- **WHAT IS NEEDED**:
Pictures in the entries below are excluded; copy only the lines from the one containing "Inside the soft pad of a robot's right" to the one containing "Inside the soft pad of a robot's left", both included.

- **AVAILABLE DATA**:
=== Section Start ===

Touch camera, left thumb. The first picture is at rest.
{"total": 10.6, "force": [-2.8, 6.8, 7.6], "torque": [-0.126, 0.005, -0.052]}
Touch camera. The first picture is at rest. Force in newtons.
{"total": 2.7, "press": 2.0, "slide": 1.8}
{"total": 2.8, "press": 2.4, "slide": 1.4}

=== Section End ===
=== Section Start ===

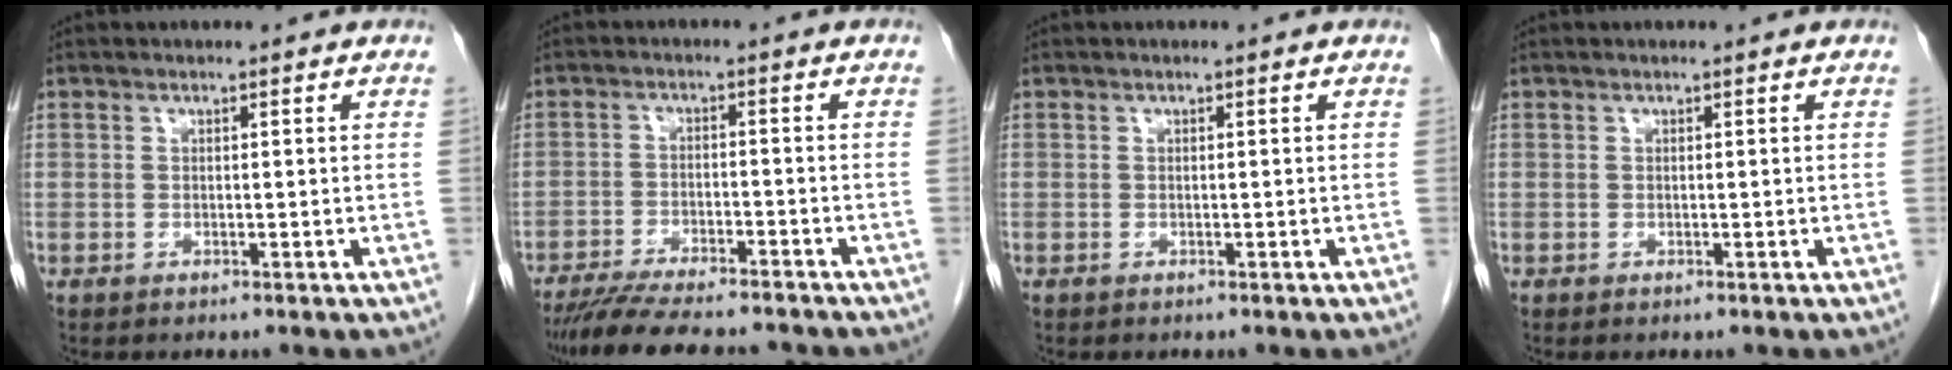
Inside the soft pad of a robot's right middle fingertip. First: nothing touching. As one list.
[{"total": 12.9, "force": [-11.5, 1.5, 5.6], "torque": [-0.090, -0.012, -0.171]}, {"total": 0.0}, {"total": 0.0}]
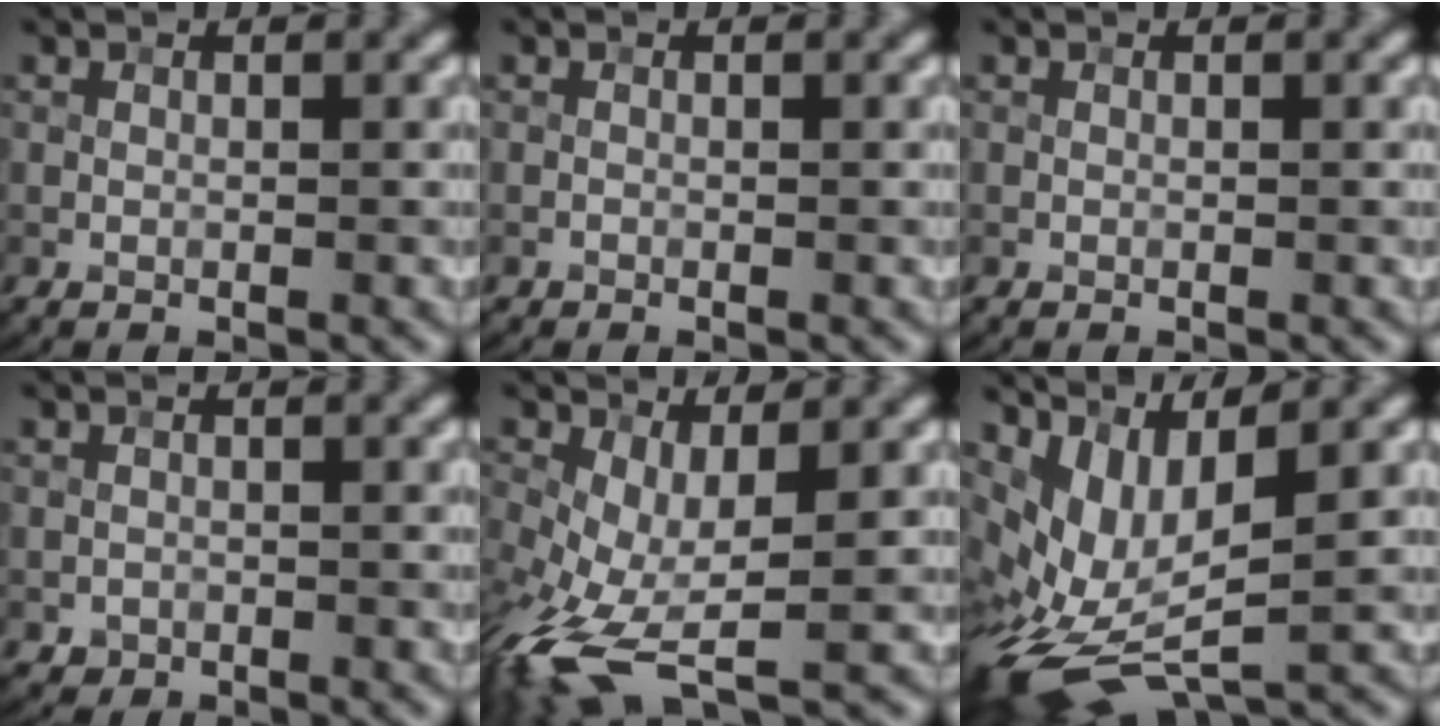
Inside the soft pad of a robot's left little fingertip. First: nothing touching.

=== Section End ===

- **OUTPUT FOR THIS TASK**:
Inside the soft pad of a robot's right middle fingertip. First: nothing touching. As one list.
[{"total": 12.9, "force": [-11.5, 1.5, 5.6], "torque": [-0.090, -0.012, -0.171]}, {"total": 0.0}, {"total": 0.0}]
Inside the soft pad of a robot's left little fingertip. First: nothing touching.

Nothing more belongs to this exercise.